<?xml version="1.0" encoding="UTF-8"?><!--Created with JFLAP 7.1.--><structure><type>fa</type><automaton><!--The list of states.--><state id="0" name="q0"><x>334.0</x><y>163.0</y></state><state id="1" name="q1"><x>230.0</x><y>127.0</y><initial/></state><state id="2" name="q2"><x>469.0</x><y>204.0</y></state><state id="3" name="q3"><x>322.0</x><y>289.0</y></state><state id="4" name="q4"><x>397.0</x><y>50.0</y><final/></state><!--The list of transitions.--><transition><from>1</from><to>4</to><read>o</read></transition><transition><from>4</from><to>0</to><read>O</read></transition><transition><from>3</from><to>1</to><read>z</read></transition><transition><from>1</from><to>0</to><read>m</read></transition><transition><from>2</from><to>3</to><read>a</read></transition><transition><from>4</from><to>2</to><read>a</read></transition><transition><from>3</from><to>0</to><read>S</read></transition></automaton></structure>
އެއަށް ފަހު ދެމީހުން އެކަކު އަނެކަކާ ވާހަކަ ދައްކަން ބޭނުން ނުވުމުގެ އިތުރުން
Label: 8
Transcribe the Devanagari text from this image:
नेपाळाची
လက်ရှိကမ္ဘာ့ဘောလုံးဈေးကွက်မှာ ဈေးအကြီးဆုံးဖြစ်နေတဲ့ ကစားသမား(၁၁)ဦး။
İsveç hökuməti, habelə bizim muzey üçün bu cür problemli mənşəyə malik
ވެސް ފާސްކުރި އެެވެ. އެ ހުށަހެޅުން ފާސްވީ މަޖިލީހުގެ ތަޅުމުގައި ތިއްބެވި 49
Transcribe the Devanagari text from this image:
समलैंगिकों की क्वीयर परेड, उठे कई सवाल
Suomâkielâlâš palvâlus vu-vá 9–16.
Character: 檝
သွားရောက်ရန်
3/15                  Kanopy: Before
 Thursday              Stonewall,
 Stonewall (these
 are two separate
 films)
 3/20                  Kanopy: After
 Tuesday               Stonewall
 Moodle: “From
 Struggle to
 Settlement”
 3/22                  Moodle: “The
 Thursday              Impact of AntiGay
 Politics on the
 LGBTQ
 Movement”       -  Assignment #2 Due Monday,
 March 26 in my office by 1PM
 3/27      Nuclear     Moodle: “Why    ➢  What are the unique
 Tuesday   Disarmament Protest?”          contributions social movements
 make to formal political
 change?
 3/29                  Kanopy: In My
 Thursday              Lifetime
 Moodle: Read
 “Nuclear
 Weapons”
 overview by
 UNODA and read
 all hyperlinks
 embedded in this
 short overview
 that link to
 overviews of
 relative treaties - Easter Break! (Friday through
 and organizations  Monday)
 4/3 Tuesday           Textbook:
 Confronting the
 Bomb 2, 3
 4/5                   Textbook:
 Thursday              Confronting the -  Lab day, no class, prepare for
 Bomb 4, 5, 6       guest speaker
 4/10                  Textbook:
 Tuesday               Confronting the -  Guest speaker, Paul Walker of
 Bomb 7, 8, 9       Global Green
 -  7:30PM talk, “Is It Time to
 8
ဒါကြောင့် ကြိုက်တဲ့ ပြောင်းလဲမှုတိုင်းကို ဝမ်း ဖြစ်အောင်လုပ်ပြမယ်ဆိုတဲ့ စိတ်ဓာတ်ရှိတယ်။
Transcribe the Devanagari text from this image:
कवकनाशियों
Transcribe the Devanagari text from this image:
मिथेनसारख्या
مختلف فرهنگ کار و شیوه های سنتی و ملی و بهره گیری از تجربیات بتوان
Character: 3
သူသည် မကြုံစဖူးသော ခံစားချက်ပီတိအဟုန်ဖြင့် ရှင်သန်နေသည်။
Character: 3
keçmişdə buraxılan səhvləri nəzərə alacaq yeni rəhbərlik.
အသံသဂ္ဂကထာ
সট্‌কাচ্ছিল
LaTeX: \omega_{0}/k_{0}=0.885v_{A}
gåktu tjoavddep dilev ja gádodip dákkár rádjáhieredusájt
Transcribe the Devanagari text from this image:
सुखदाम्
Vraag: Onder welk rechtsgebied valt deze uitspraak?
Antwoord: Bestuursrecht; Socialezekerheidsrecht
★ ★ ★ ★
Set down the data once more, exactly as shown above.

<?xml version="1.0" encoding="UTF-8"?><!--Created with JFLAP 7.1.--><structure><type>fa</type><automaton><!--The list of states.--><state id="0" name="q0"><x>334.0</x><y>163.0</y></state><state id="1" name="q1"><x>230.0</x><y>127.0</y><initial/></state><state id="2" name="q2"><x>469.0</x><y>204.0</y></state><state id="3" name="q3"><x>322.0</x><y>289.0</y></state><state id="4" name="q4"><x>397.0</x><y>50.0</y><final/></state><!--The list of transitions.--><transition><from>1</from><to>4</to><read>o</read></transition><transition><from>4</from><to>0</to><read>O</read></transition><transition><from>3</from><to>1</to><read>z</read></transition><transition><from>1</from><to>0</to><read>m</read></transition><transition><from>2</from><to>3</to><read>a</read></transition><transition><from>4</from><to>2</to><read>a</read></transition><transition><from>3</from><to>0</to><read>S</read></transition></automaton></structure>
އެއަށް ފަހު ދެމީހުން އެކަކު އަނެކަކާ ވާހަކަ ދައްކަން ބޭނުން ނުވުމުގެ އިތުރުން
Label: 8
Transcribe the Devanagari text from this image:
नेपाळाची
လက်ရှိကမ္ဘာ့ဘောလုံးဈေးကွက်မှာ ဈေးအကြီးဆုံးဖြစ်နေတဲ့ ကစားသမား(၁၁)ဦး။
İsveç hökuməti, habelə bizim muzey üçün bu cür problemli mənşəyə malik
ވެސް ފާސްކުރި އެެވެ. އެ ހުށަހެޅުން ފާސްވީ މަޖިލީހުގެ ތަޅުމުގައި ތިއްބެވި 49
Transcribe the Devanagari text from this image:
समलैंगिकों की क्वीयर परेड, उठे कई सवाल
Suomâkielâlâš palvâlus vu-vá 9–16.
Character: 檝
သွားရောက်ရန်
3/15                  Kanopy: Before
 Thursday              Stonewall,
 Stonewall (these
 are two separate
 films)
 3/20                  Kanopy: After
 Tuesday               Stonewall
 Moodle: “From
 Struggle to
 Settlement”
 3/22                  Moodle: “The
 Thursday              Impact of AntiGay
 Politics on the
 LGBTQ
 Movement”       -  Assignment #2 Due Monday,
 March 26 in my office by 1PM
 3/27      Nuclear     Moodle: “Why    ➢  What are the unique
 Tuesday   Disarmament Protest?”          contributions social movements
 make to formal political
 change?
 3/29                  Kanopy: In My
 Thursday              Lifetime
 Moodle: Read
 “Nuclear
 Weapons”
 overview by
 UNODA and read
 all hyperlinks
 embedded in this
 short overview
 that link to
 overviews of
 relative treaties - Easter Break! (Friday through
 and organizations  Monday)
 4/3 Tuesday           Textbook:
 Confronting the
 Bomb 2, 3
 4/5                   Textbook:
 Thursday              Confronting the -  Lab day, no class, prepare for
 Bomb 4, 5, 6       guest speaker
 4/10                  Textbook:
 Tuesday               Confronting the -  Guest speaker, Paul Walker of
 Bomb 7, 8, 9       Global Green
 -  7:30PM talk, “Is It Time to
 8
ဒါကြောင့် ကြိုက်တဲ့ ပြောင်းလဲမှုတိုင်းကို ဝမ်း ဖြစ်အောင်လုပ်ပြမယ်ဆိုတဲ့ စိတ်ဓာတ်ရှိတယ်။
Transcribe the Devanagari text from this image:
कवकनाशियों
Transcribe the Devanagari text from this image:
मिथेनसारख्या
مختلف فرهنگ کار و شیوه های سنتی و ملی و بهره گیری از تجربیات بتوان
Character: 3
သူသည် မကြုံစဖူးသော ခံစားချက်ပီတိအဟုန်ဖြင့် ရှင်သန်နေသည်။
Character: 3
keçmişdə buraxılan səhvləri nəzərə alacaq yeni rəhbərlik.
အသံသဂ္ဂကထာ
সট্‌কাচ্ছিল
LaTeX: \omega_{0}/k_{0}=0.885v_{A}
gåktu tjoavddep dilev ja gádodip dákkár rádjáhieredusájt
Transcribe the Devanagari text from this image:
सुखदाम्
Vraag: Onder welk rechtsgebied valt deze uitspraak?
Antwoord: Bestuursrecht; Socialezekerheidsrecht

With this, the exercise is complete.